Event ticketing has also gone digital as this makes it reach a broader audience in a way that is economical and efficient. If an event organizer chooses to employ user- issued assets to sell an event, they will have transferred the risk to the audience by auctioning the tokens to the highest bidder who will then resell them to the intended audience.

This will make it possible to raise a lot of money upfront and the issuer can then freeze the token sale on the day of the event and allow the audience to cryptographically check into the event.

8. Crowdfunding

Crowdfunding has also gone digital and issuing an asset is one of the most effective ways to raise money. This makes it very efficient and affordable to issue digital coupons and other digital assets as rewards or hooks for crowdfunding.

9. Digital property

Converting physical assets to digital assets and issuing them securely on the blockchain is another way to utilize Bitshares platform. Software and music licenses can be created on the blockchain and issued to users for immutable record keeping so that even if the business or individual issuing is nonexistent in the future, the transaction and certificates will still be available. The same goes for trading cards and online games that can be simulated on the blockchain.

10. Stable cryptocurrency

Smartcoins were a primary inspiration of Bitshares, to tame the volatility associated with the cryptocurrency market. With Bitshares, users can select a given high-value asset such as gold and use it to create a price stable digital asset that is fully collateralized.

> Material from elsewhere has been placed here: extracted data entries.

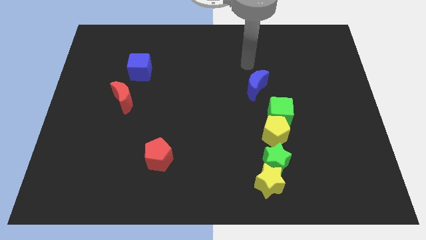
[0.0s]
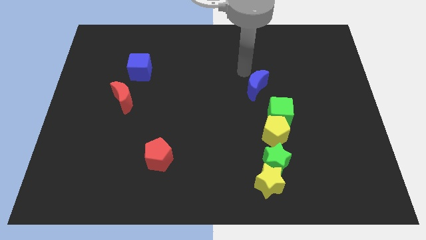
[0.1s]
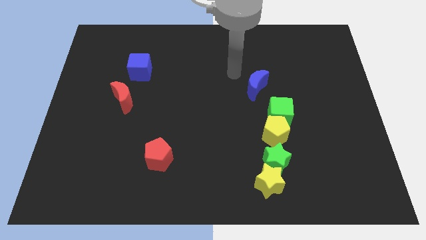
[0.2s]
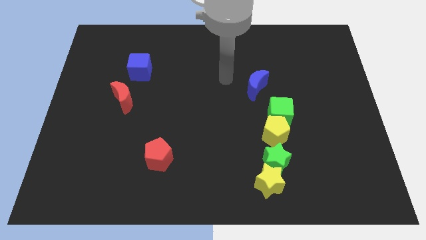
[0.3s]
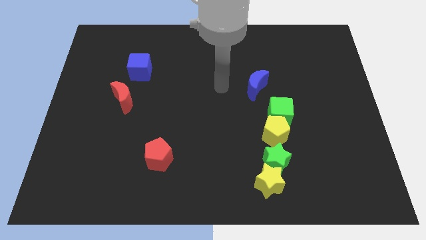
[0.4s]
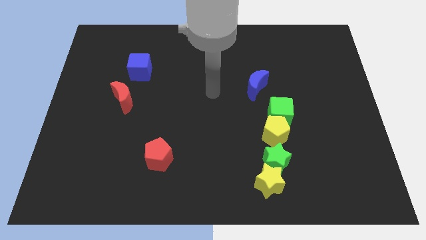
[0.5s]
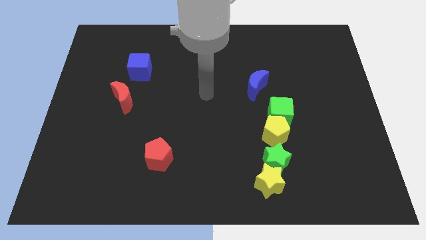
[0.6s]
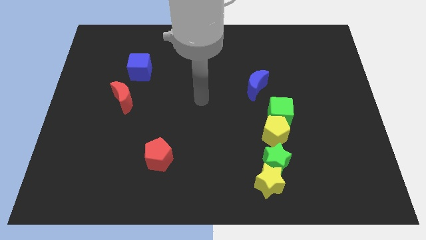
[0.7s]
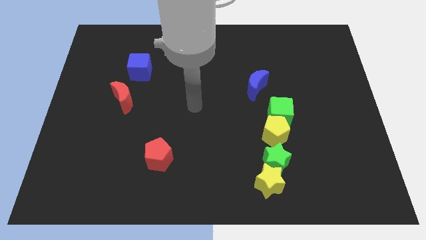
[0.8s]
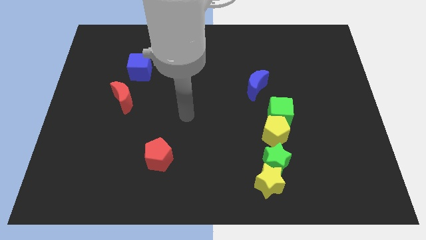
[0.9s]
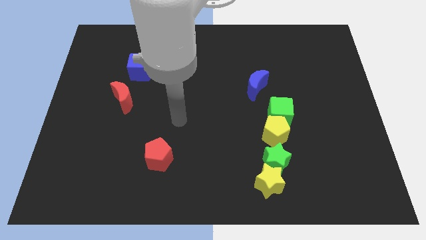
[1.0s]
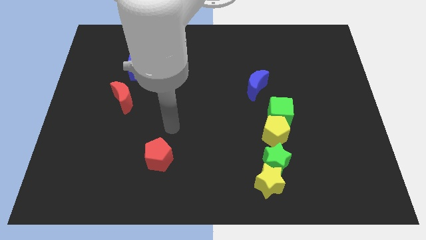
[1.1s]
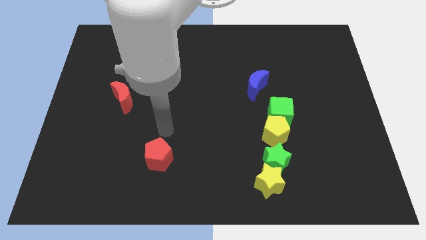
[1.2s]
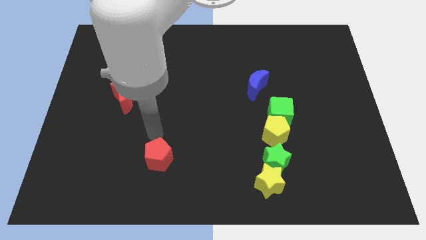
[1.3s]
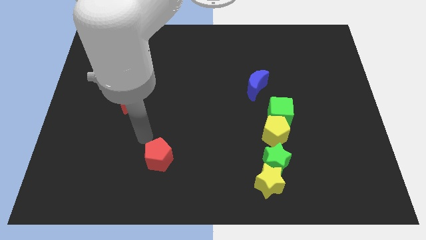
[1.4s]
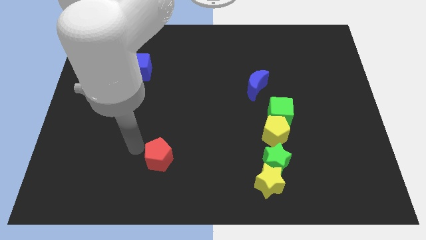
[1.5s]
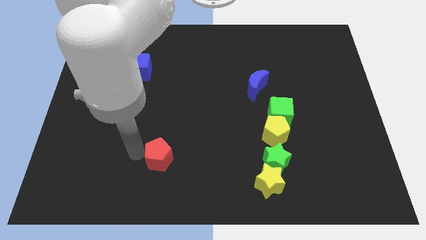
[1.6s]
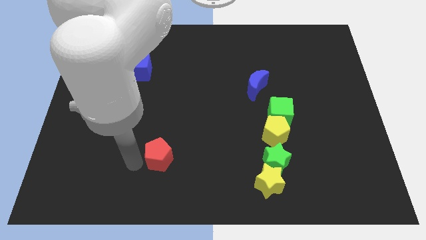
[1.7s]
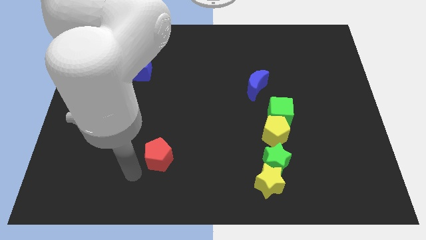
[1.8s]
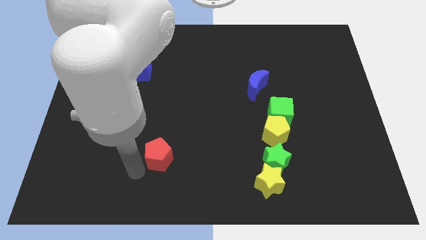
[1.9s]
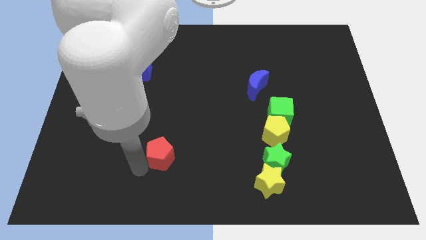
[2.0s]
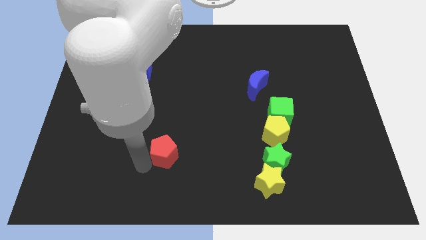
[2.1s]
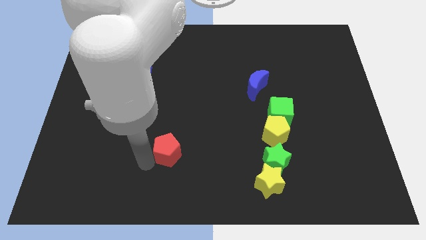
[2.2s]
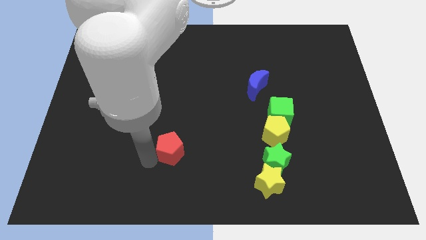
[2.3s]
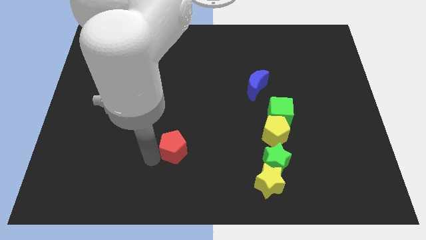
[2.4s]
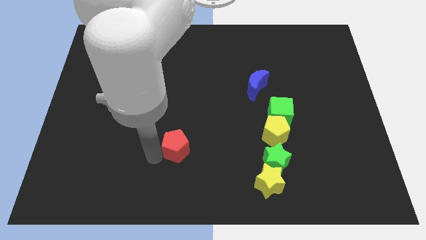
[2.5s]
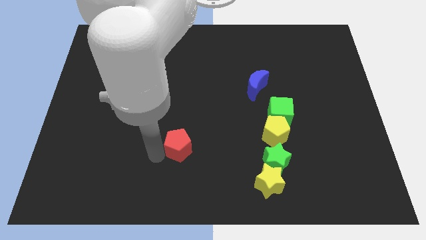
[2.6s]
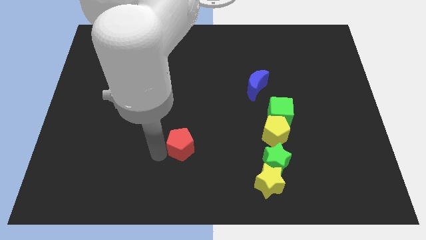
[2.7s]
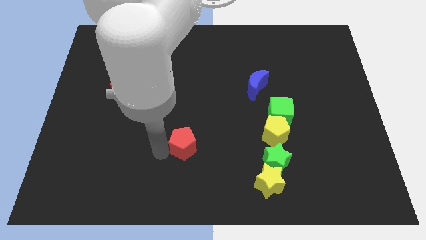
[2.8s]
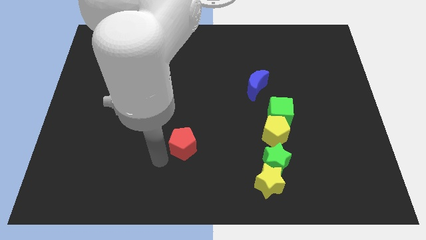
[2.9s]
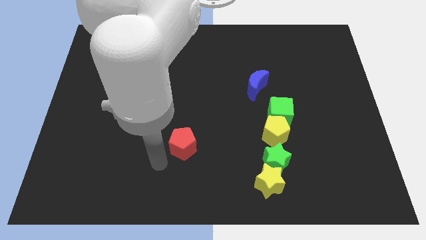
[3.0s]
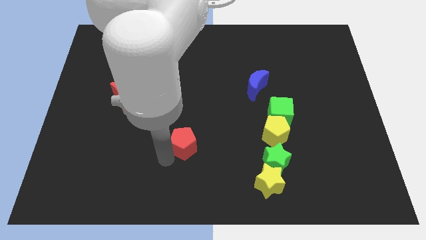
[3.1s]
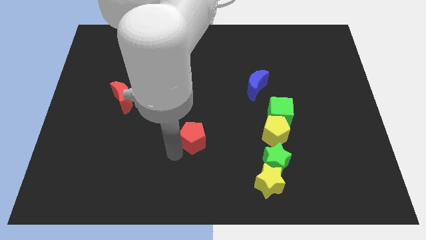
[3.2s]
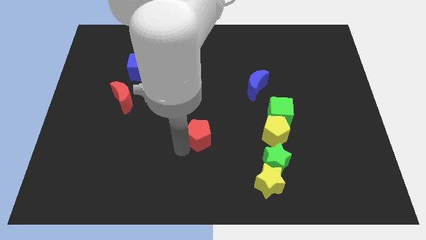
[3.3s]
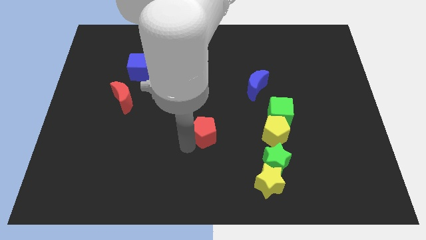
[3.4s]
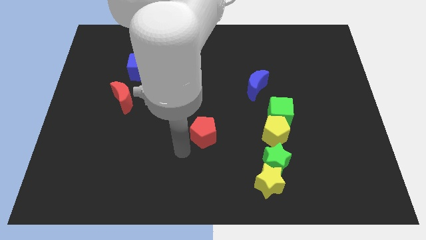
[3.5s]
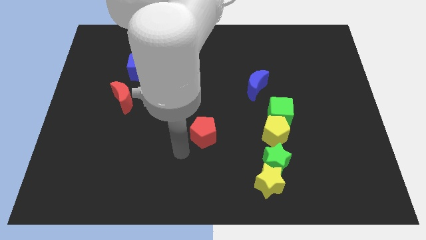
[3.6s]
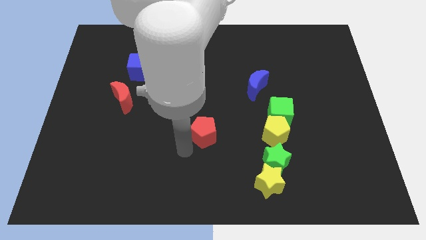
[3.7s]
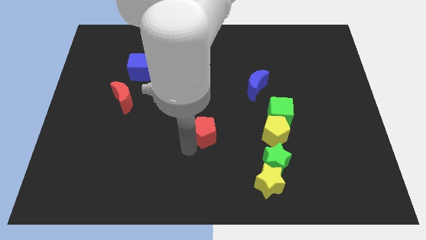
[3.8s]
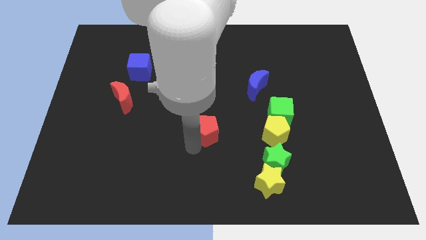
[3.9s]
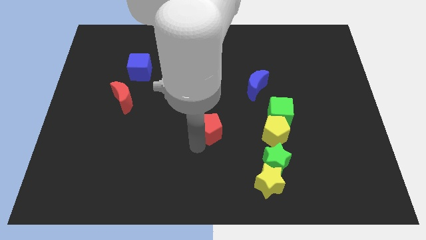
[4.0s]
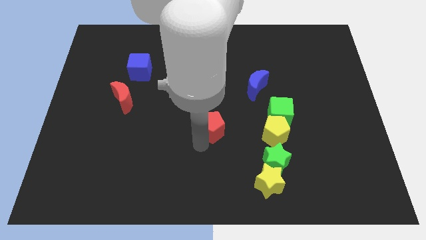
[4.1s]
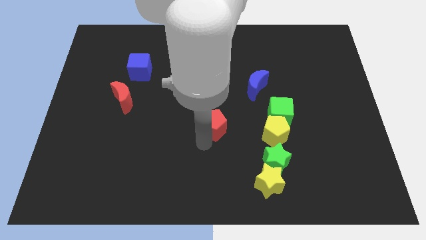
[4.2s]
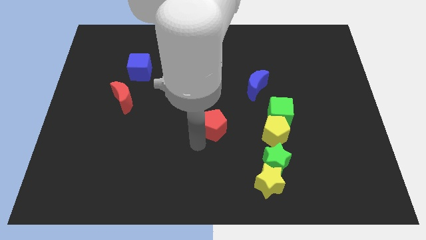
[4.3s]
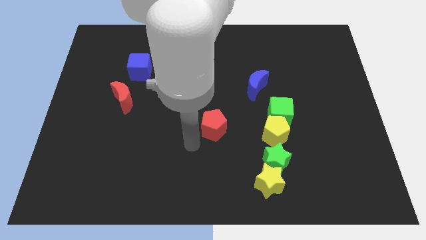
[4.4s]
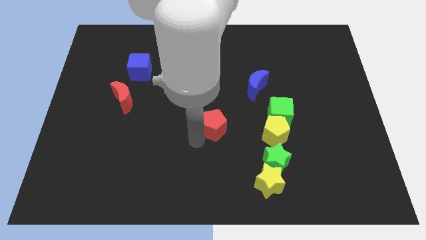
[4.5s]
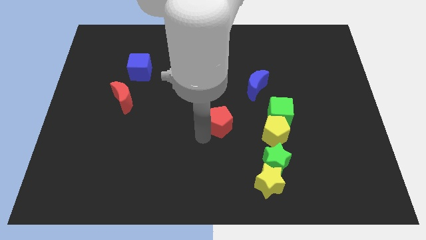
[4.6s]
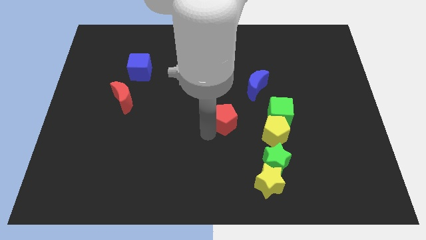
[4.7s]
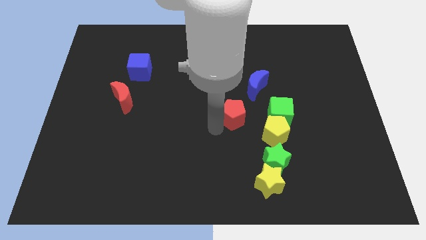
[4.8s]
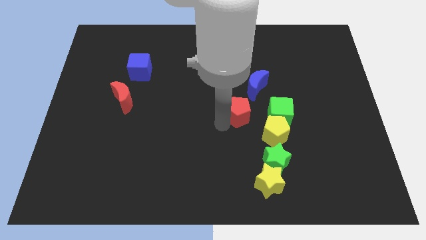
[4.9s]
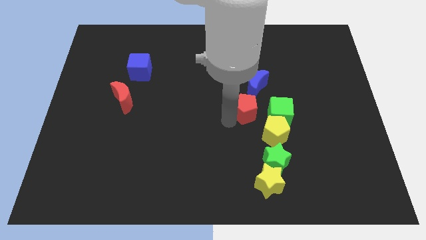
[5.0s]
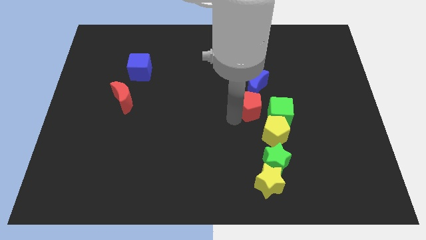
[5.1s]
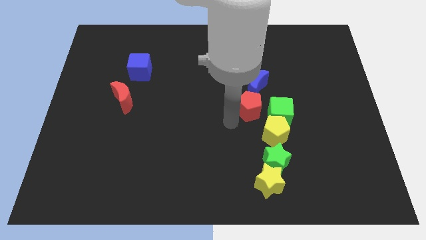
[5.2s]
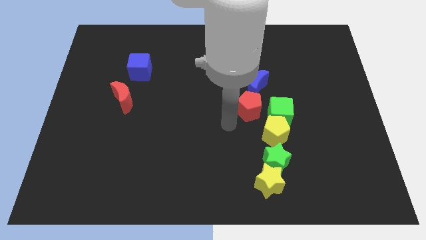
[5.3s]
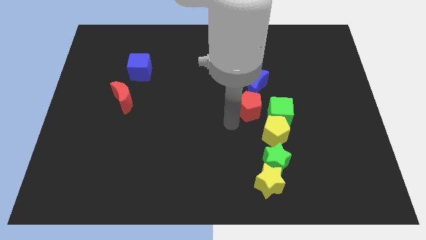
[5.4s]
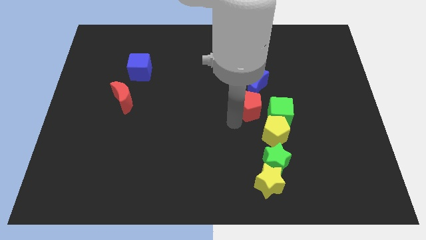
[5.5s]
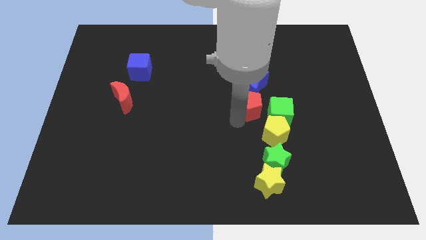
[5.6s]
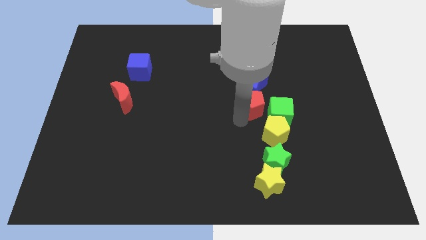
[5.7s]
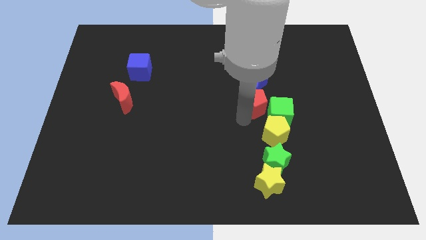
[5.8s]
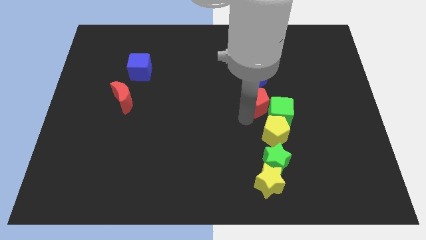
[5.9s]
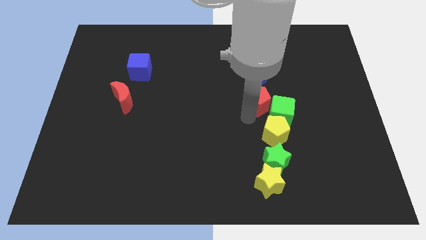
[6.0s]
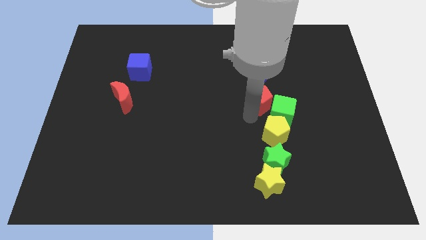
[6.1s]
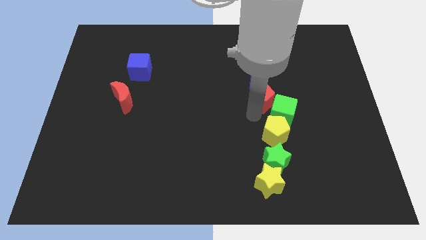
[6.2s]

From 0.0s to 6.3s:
slide the red pentagon above the green cube

This is very appealing to a broad range of investors who may wish to venture into cryptocurrency investment but with some form of assured security. To further enhance the security of the Smartcoins, Bitshares sets parameters such as market restrictions, transfer restrictions and whitelists to safeguard the interest of the investor.

With the recent hacks on major cryptocurrency exchanges, Bitshares has a unique product to offer to the market.

Additionally, Bitshares offers a stable coin, a feature which is currently “hot” in the cryptocurrency market. Lastly, unlike other cryptocurrency exchanges, the Bitshares DEX has no limits on daily trading volumes.

Other exchanges impose limits based on the personal information given away and parameters of financial standing. Not so with Bitshares as the platform has no account approval process in the first place.